Inference-Time Decontamination: Reusing Leaked Benchmarks for Large Language Model Evaluation
Qin Zhu, Qingyuan Cheng, Runyu Peng, Xiaonan Li, Tengxiao, Liu, Ru Peng, Xipeng Qiu, Xuanjing Huang

TL;DR
This paper introduces Inference-Time Decontamination (ITD), a method to detect and rewrite leaked benchmark samples during evaluation, reducing performance inflation and providing more accurate assessments of large language models.
Contribution
The paper proposes ITD, a novel approach to mitigate benchmark leakage effects during LLM evaluation without needing new benchmarks.
Findings
ITD reduces inflated accuracy by 22.9% on GSM8K.
ITD decreases MMLU results of Phi3 and Mistral by 6.7% and 3.6%.
ITD offers more truthful evaluation results for LLMs.
Abstract
The training process of large language models (LLMs) often involves varying degrees of test data contamination.
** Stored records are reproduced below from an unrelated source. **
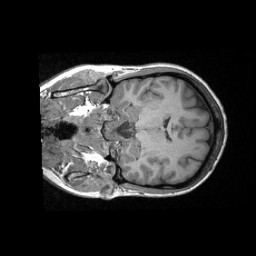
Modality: T1w
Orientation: coronal
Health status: healthy
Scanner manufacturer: siemens
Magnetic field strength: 3 T
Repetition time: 2.3 s
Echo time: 0.00287 s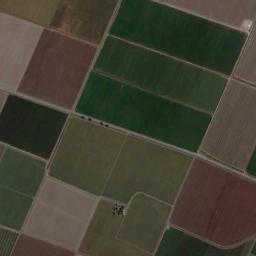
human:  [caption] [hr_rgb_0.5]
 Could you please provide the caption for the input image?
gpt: Some rectangular farmlands of different colors and sizes are neatly arranged on the ground .

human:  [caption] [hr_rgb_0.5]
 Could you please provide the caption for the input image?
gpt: Many dense, neatly arranged dark green, light green, light brown and brown mixed rectangular farmland of different sizes .

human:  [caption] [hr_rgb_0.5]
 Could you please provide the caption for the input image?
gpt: There are many neat rows of rectangular farmlands .

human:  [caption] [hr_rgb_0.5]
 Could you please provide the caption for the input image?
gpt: There are some green and red rectangular farmland .

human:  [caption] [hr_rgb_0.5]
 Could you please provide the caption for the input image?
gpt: There are some green rectangular farmlands and brown ones .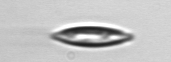
Label: pennate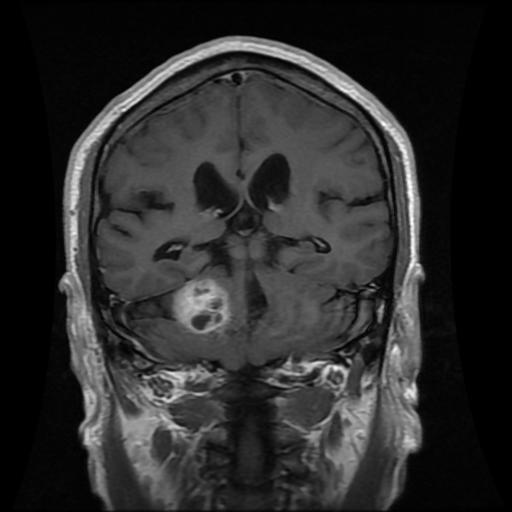
Label: meningioma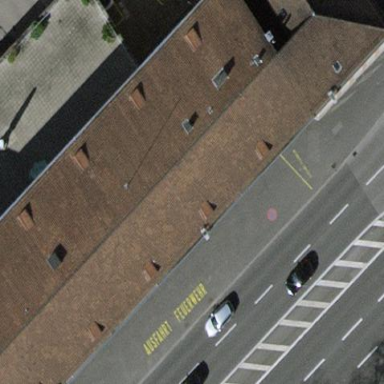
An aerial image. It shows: Fire station building.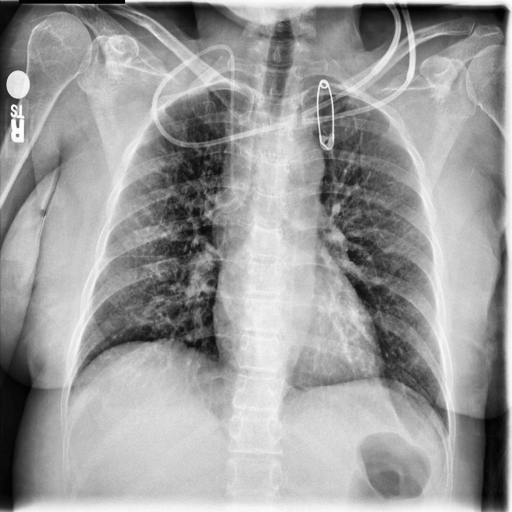
Finding: NORMAL
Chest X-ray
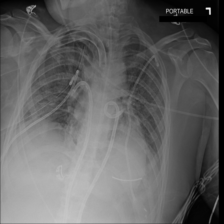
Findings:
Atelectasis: negative
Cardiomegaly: negative
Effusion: negative
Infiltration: positive
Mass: negative
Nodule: negative
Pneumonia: negative
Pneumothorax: positive
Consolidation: negative
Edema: negative
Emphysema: negative
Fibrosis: negative
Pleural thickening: negative
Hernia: negative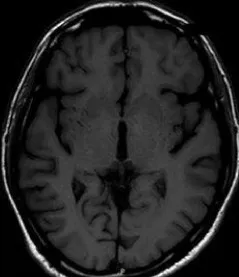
Bilateral hypointensities in T1 in the striatum, more prominent on the right side.
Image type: radiology (mri)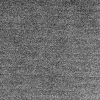
Atmospheric dust classification: dusty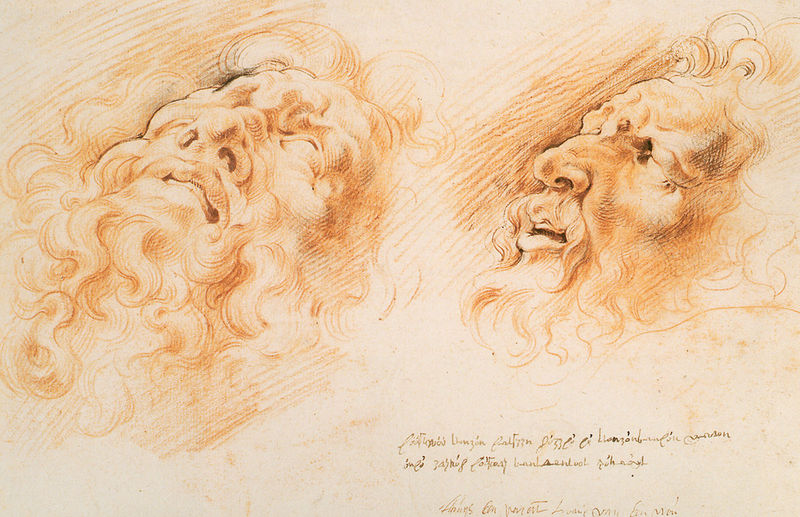
Titel: Zwei Studien für den Kopf des Laokoon - nach einer antiken Skulptur
Künstler: Willem Panneels
Institution: Kopenhagen, Statens Museum for Kunst
Schlagwörter: mann, schatten, gelb, ocker, braun, haar, mund, nase, orange, skizze, weiss, zeichnung, blick, rot, alt, bart, gesichter, augen, falten, gesicht, tod, portrait, porträt, auge, haare, locke, locken, renaissance, erdig, schrift, wangen, zwei, studie, ausdruck, detail, nah, mimik, geschlossen, linie, plastisch, schraffur, radierung, text, strich, entwurf, nasenlöcher, verzweiflung, zähne, leiden, schmerz, rötlich, nahansicht, dürer, rötel, doppel, michelangelo, da vinci, leonardo da vinci, strichzeichnung, zurück, wallend, laokoon, spiegelschrift, gequält, formstrich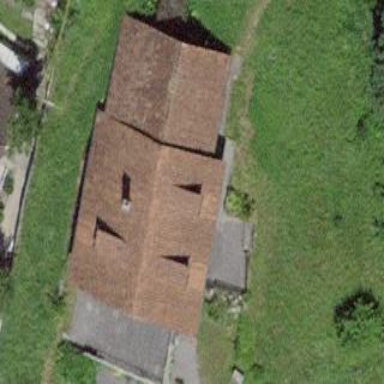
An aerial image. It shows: Farm building.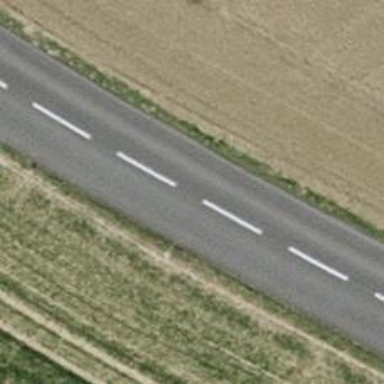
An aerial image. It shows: Tertiary road with asphalt surface.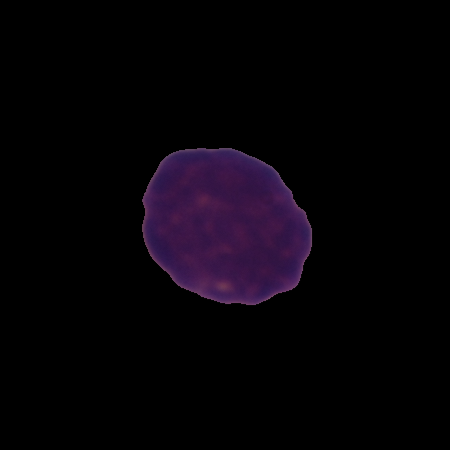
Label: healthy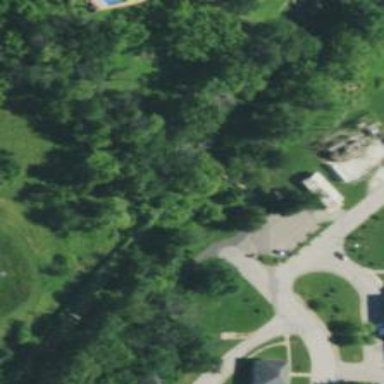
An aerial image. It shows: Path leading to bridge.
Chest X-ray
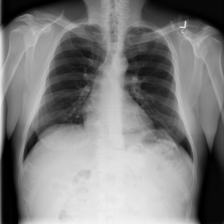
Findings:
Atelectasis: negative
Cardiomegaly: negative
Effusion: negative
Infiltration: negative
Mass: negative
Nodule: negative
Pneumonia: negative
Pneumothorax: negative
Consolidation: negative
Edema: negative
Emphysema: negative
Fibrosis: negative
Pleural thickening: negative
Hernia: negative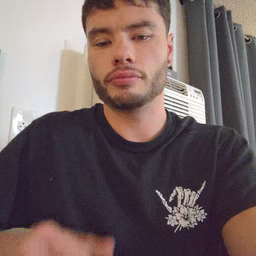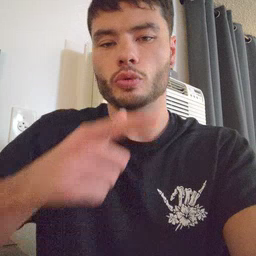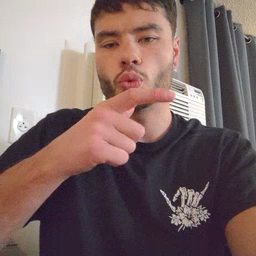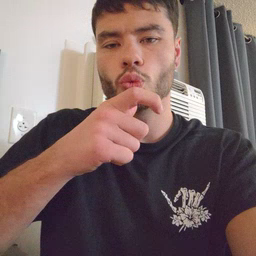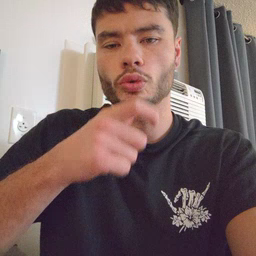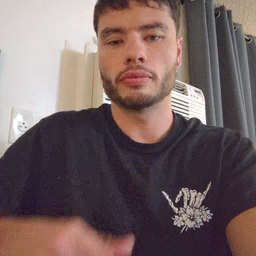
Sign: who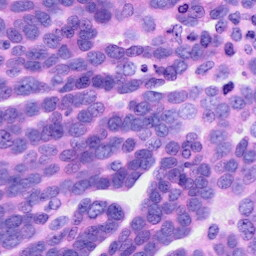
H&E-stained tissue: Ovarian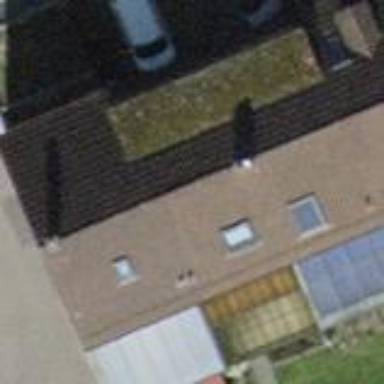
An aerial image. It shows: Gabled building with tile roof across.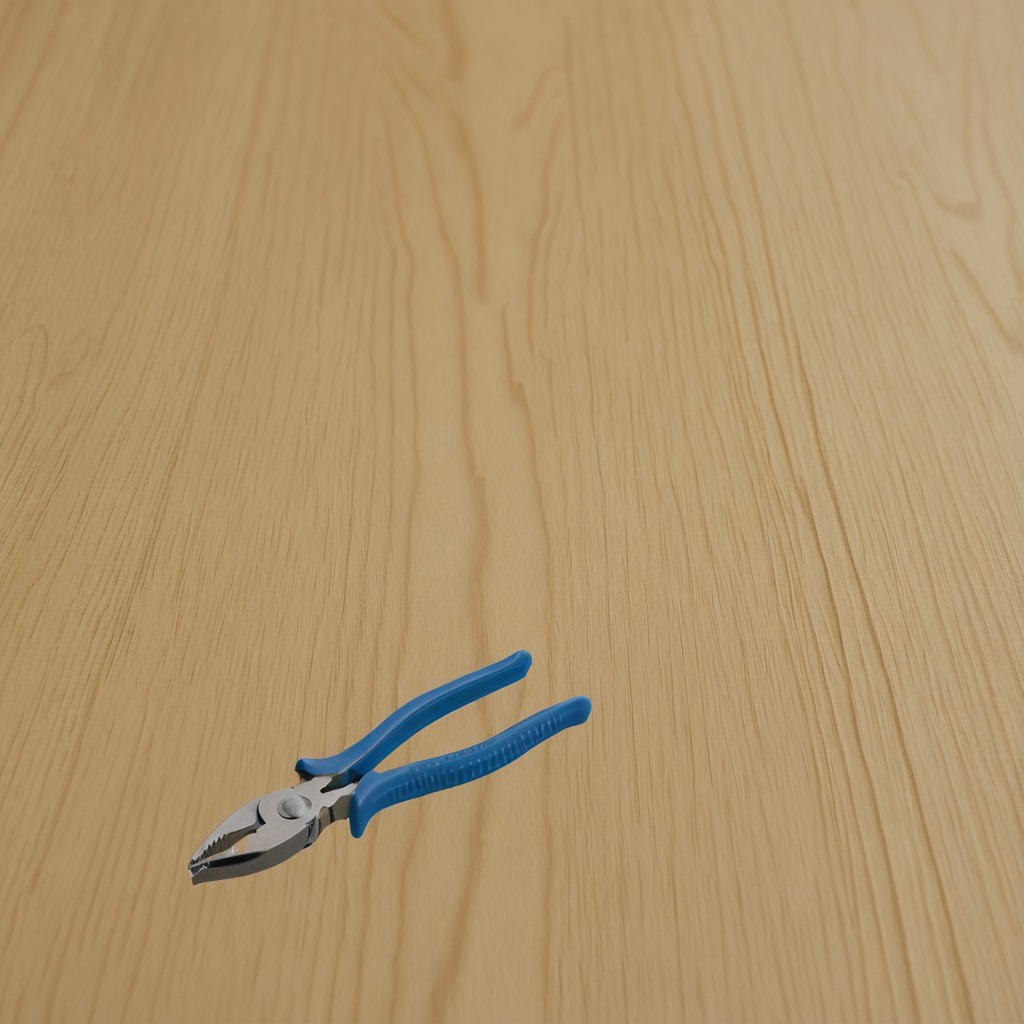
A plier is lying on the plywood surface in a paint workshop lit by afternoon window light.
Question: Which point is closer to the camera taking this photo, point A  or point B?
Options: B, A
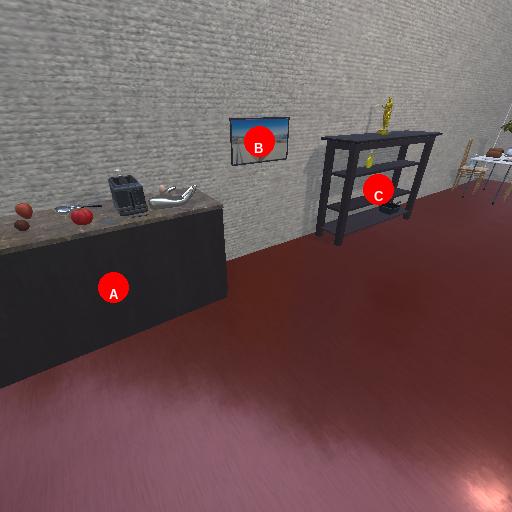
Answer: B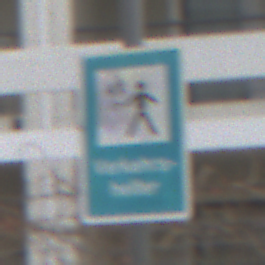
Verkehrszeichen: Verkehrshelfer
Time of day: Midday
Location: Outdoor (Urban)
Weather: Overcast
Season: NotSpecified
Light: Natural
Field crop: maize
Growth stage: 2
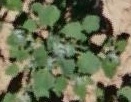
Species: chenopodium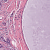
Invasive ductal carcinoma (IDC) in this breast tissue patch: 1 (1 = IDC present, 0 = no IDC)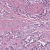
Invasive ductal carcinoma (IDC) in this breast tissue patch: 1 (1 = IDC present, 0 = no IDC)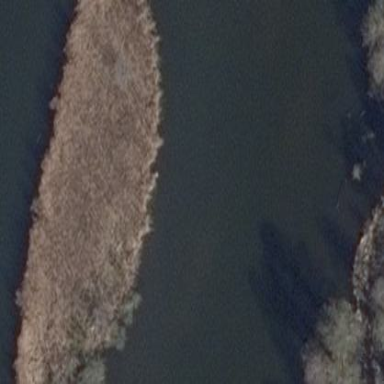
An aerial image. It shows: Reedbed wetland area.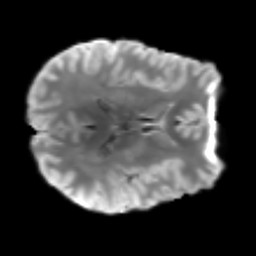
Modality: T2w
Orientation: axial
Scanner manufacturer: siemens
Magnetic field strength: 3 T
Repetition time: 3.6 s
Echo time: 0.092 s
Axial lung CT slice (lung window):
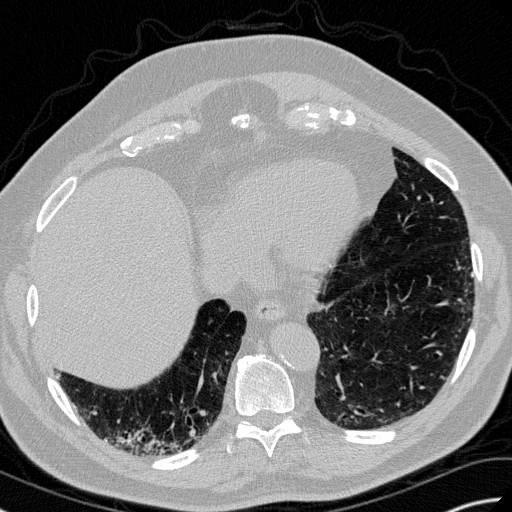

Although current LLMs are achieving increasingly better performance on various benchmarks, their performance in practical applications does not always match their benchmark results. Leakage of benchmarks can prevent the accurate assessment of LLMs' true performance. However, constructing new benchmarks is costly, labor-intensive and still carries the risk of leakage. Therefore, in this paper, we ask the question, Can we reuse these leaked benchmarks for LLM evaluation? We propose Inference-Time Decontamination (ITD) to address this issue by detecting and rewriting leaked samples without altering their difficulties. ITD can mitigate performance inflation caused by memorizing leaked benchmarks. Our proof-of-concept experiments demonstrate that ITD reduces inflated accuracy by…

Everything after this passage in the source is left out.